### EXERCISE
Omit the images, then print each record below exactly as it reads.

-*-*-

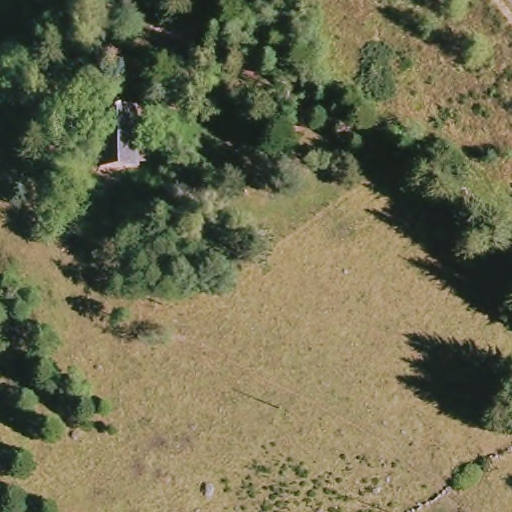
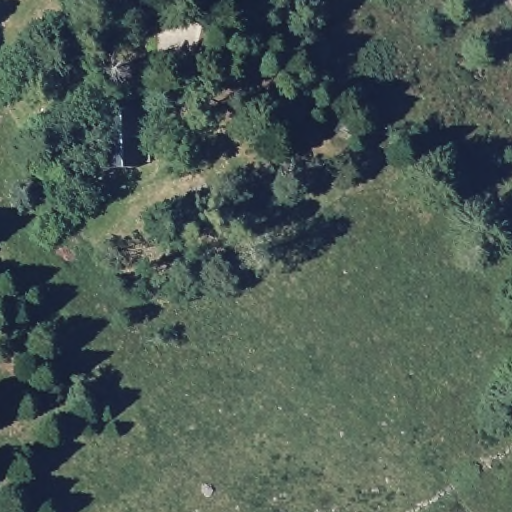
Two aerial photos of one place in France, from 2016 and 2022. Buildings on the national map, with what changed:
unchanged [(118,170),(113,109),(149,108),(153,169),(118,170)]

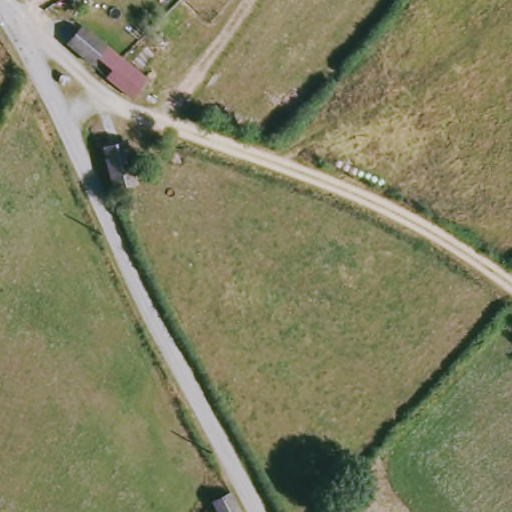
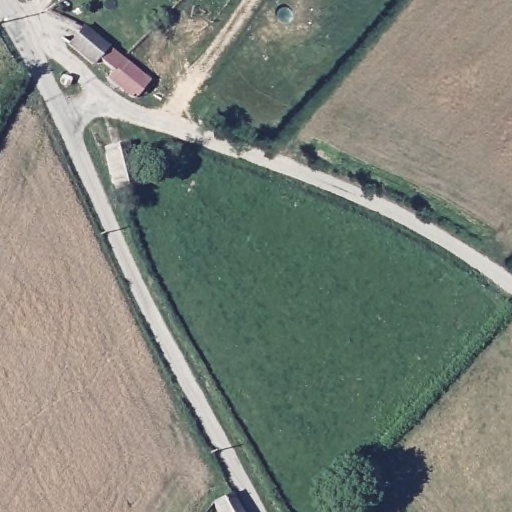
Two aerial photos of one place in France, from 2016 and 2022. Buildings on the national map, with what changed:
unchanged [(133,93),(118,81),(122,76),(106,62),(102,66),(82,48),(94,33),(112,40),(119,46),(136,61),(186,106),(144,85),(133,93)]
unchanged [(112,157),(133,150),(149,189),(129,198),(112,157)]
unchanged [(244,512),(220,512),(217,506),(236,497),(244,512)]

-*-*-

### TASK OUTPUT
Two aerial photos of one place in France, from 2016 and 2022. Buildings on the national map, with what changed:
unchanged [(118,170),(113,109),(149,108),(153,169),(118,170)]

Two aerial photos of one place in France, from 2016 and 2022. Buildings on the national map, with what changed:
unchanged [(133,93),(118,81),(122,76),(106,62),(102,66),(82,48),(94,33),(112,40),(119,46),(136,61),(186,106),(144,85),(133,93)]
unchanged [(112,157),(133,150),(149,189),(129,198),(112,157)]
unchanged [(244,512),(220,512),(217,506),(236,497),(244,512)]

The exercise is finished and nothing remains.